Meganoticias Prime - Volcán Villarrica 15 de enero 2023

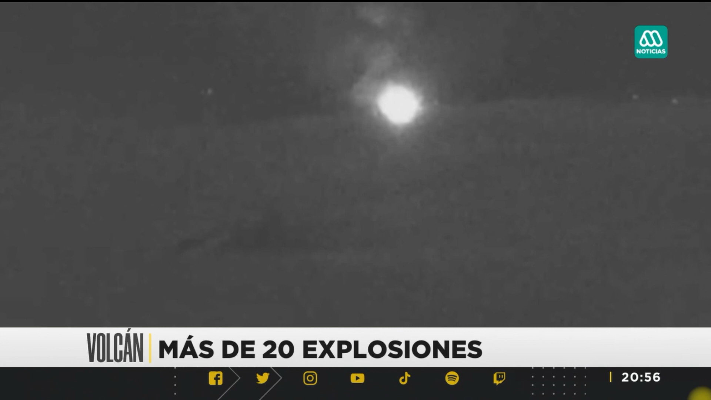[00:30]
Todas fueron captadas por nuestra cámara de meganoticias que monitorea a las 24 horas del día el comportamiento del macizo más activo del país.
++++++
PROBLEM TO SOLVE: Reproduce the lines above letter for letter. The pictures stay behind.

PROBLEM SOLUTION:
Meganoticias Prime - Volcán Villarrica 15 de enero 2023

[00:30]
Todas fueron captadas por nuestra cámara de meganoticias que monitorea a las 24 horas del día el comportamiento del macizo más activo del país.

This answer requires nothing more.